Transparenz

Auch nach der Kommunalwahl vom 25. Mai 2014 gehöre ich dem Rat der Stadt Mönchengladbach an. Gemäß der „Verordnung über die Entschädigung der Mitglieder kommunaler Vertretungen und  Ausschüsse“ des Landes Nordrhein-Westfalen erhalte ich  eine  monatliche Pauschale in Höhe von 497,70 Euro als Aufwandsentschädigung. 1/3 dieses Betrages spende ich an meinen Unterbezirk. Ein Sitzungsgeld erhalte ich als Ratsmitglied nicht.

Seit dem 21. August 2014 bin ich Mitglied des Aufsichtsrates der Gemeinnützigen Kreisbau AG. Für die von mir ausgeübte Funktion des stellvertretenden Aufsichtsratsvorsitzenden erhalte ich eine jährliche Aufwandsentschädigung von 1.841,04 Euro. Auch diesen Betrag habe ich voll zu versteuern. Meiner Partei spende ich 50 % des Betrages. Den kompletten Betrag habe ich zu versteuern.

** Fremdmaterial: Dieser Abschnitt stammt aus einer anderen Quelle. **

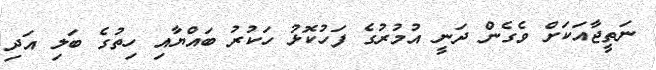
ނަތީޖާއަކަށް ވެގެން ދަނީ އުމުރުގެ ފަހުކޮޅު ހަކުރު ބައްޔާާއި ހިތުގެ ބަލި އަދި

Seit dem 01. Januar 2016 gehöre ich dem Aufsichtsrat der GEM (Gesellschaft für Wertstofferfassung, Wertstoffverwertung und Entsorgung Mönchengladbach mbH) an. Als Mitglied erhalte ich eine jährliche Aufwandsentschädigung in Höhe von 4.200,00 Euro. Diese setzt sich zusammen aus einem Sitzungsgeld in Höhe von 150,00 Euro (vier Sitzungen im Jahr) sowie einer monatlichen Entschädigung in Höhe von 300,00 Euro. Von den 4.200,00 Euro spende ich meiner Partei ebenfalls 50 Prozent während ich gleichzeitig den vollen Betrag versteuere.

Für meine ehrenamtliche Tätigkeit als Vorsitzender der SPD Giesenkirchen bzw. als stellvertretender Vorsitzender der SPD Mönchengladbach erhalte ich keine Aufwandsentschädigungen.

Eine aktuelle Übersicht über die Aufwandsentschädigung für Mandatsträger der Stadt Mönchengladbach sowie über die Aufwandsentschädigungen in Kontrollgremien (zum Beispiel Aufsichtsräten der Städtischen Beteiligungsgesellschaften) der Stadt Mönchengladbach hat die Stadt auf ihrer Internetseite veröffentlicht (am Ende der Seite).